Transformation: Reaching beyond the digital front door
Increasingly, payers shift focus from internal processes and point solutions to the larger picture of member experience. Delivering exceptional experiences requires front-office and back-office transformation—and bringing customers in the “front door” doesn’t guarantee they will stick around.
We define CXT as transforming your values, structures, operations, technology, and culture to obsessively focus on meeting the needs of your customers. These members interact across myriad touchpoints outside of the website or other digital channels along their healthcare journey. The key is to identify and understand the critical moments in the member’s journey to raise awareness of offerings and pre-emptively answer questions to guide your member to choose health plans, programs, health networks, and benefits that best serve them. So, where can you start?
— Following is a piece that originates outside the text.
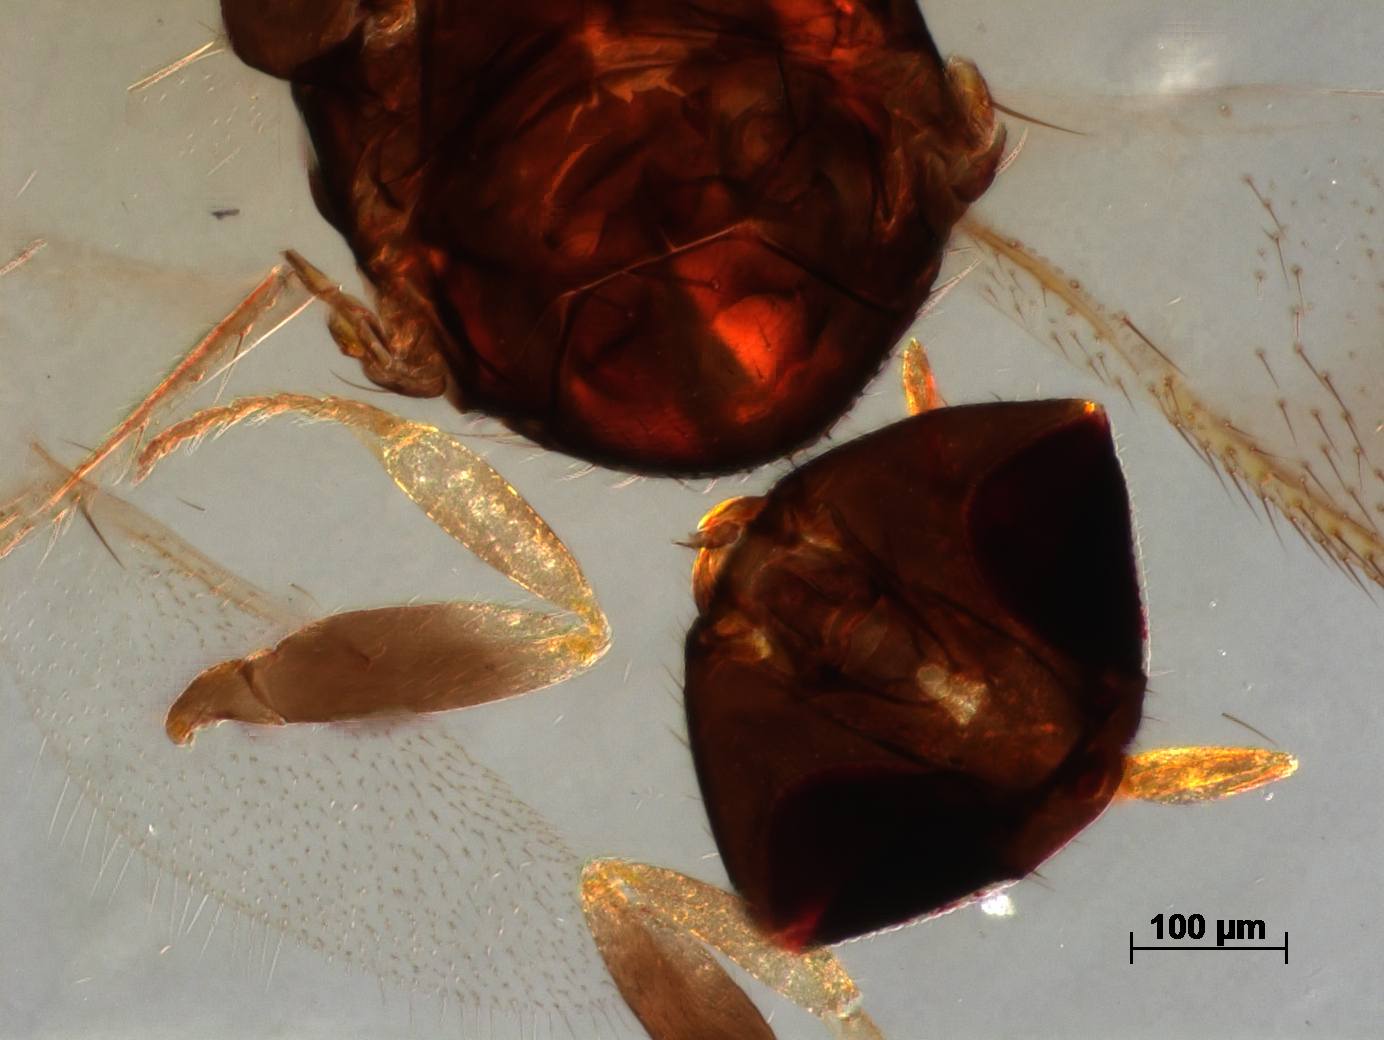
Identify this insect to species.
Aphelinus lapisligni

Unlocking the benefits of understanding your member
The member journey is critical, and CXT can be an overwhelming and large investment if thought about as one continuous program. Instead, we recommend using CLV as a metric to aid in understanding and tracking investment in CXT.
How is CLV calculated? Calculating a customer’s lifetime value includes several factors across plans and/or states.
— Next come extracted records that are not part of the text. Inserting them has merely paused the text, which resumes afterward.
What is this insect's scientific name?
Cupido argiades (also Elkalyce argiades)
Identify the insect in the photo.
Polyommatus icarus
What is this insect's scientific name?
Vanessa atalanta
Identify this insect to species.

All payers may have slightly different approaches and inputs. We highly recommend customized processes and organization-wide buy-in to set this equation. However, the following are some key criteria to consider as you formulate CLV:
- Average acquisition costs
- Average customer profit
- Member retention rate
- Average lifetime in years
Ignite customer experience transformation
With CLV in hand, we help our clients map their position on an experience transformation roadmap and target their first programmatic changes. Different brands have varying impetuses and different CLV metrics, which require different start points. Some example roadmap ignition points include planning reviews for high CLV areas, upcoming product launches, and customer and employee retention challenges.
The approach drives clear ROI. Helping a client follow this path, we developed and executed a member-first-inspired media strategy grounded in data analytics and digital-buying technology. The result was a 6:1 return on investment and an 11% increase in year-over-year enrollment. Another project created a CXT framework to allow diverse teams to move at the pace needed for implementing member programs, regardless of size and complexity, yielding $2 million in cost avoidance.
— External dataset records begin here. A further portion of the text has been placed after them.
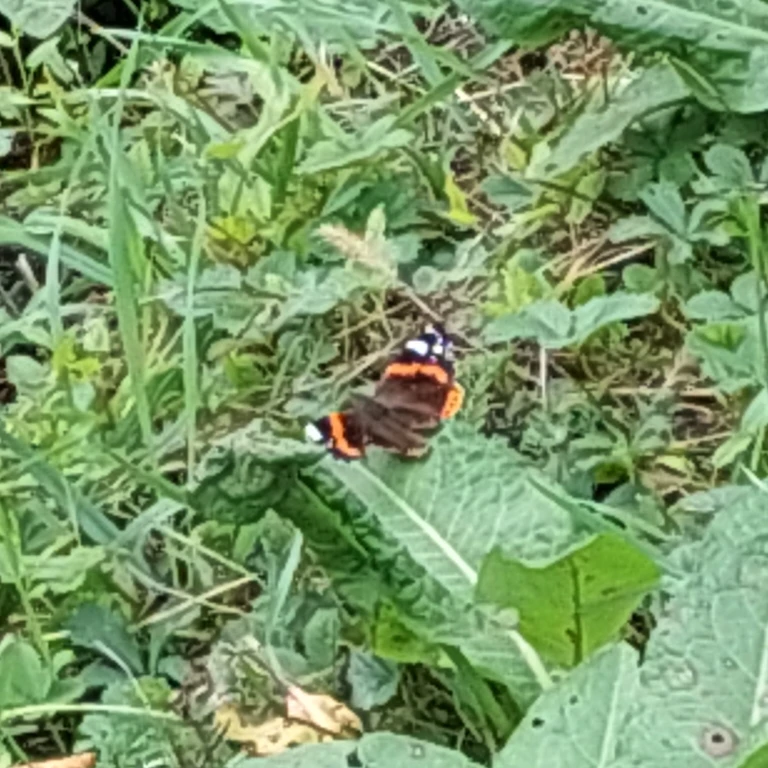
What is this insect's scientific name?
Vanessa atalanta
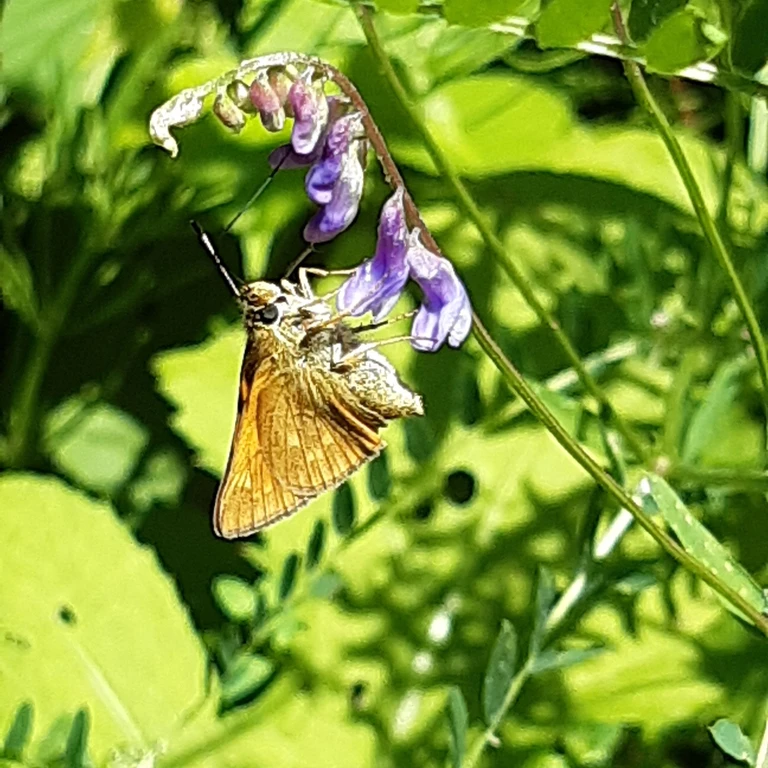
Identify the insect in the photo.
Ochlodes sylvanus (also Ochlodes venata)
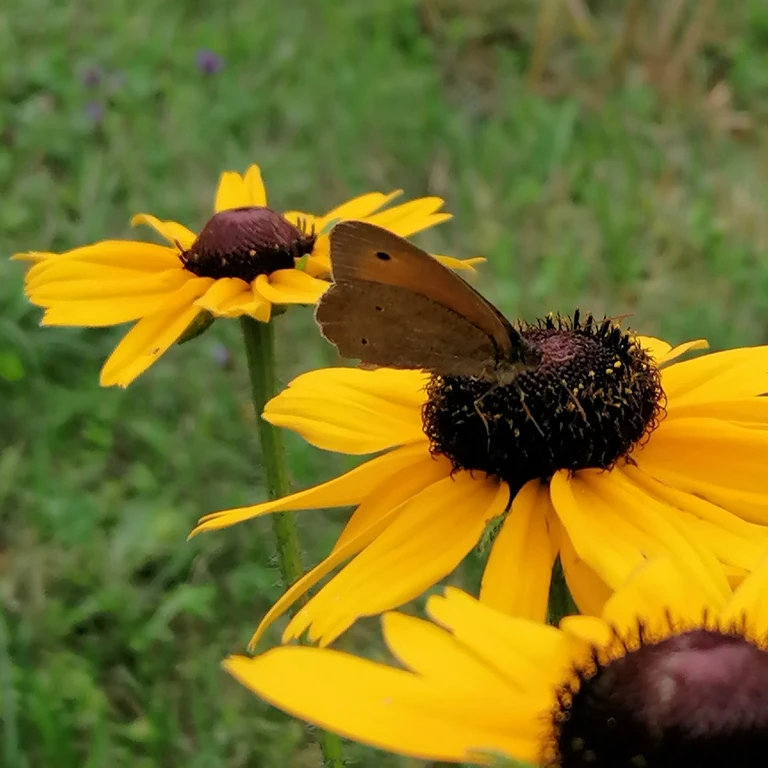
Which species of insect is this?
Maniola jurtina

Driving these results requires custom solutions, but to start we recommend:
- Take stock of current events that may be driving need (i.e., shift in strategy, brand, mission, or purpose).
- Capture honest answers to “fuzzy” questions (i.e., Is the strategy member first?).
- Assess accountability for member experience—often, it’s distributed, leading to dependencies across teams and business units, and the need for strong cross-functional approaches to enable an end-to-end strategy or plan.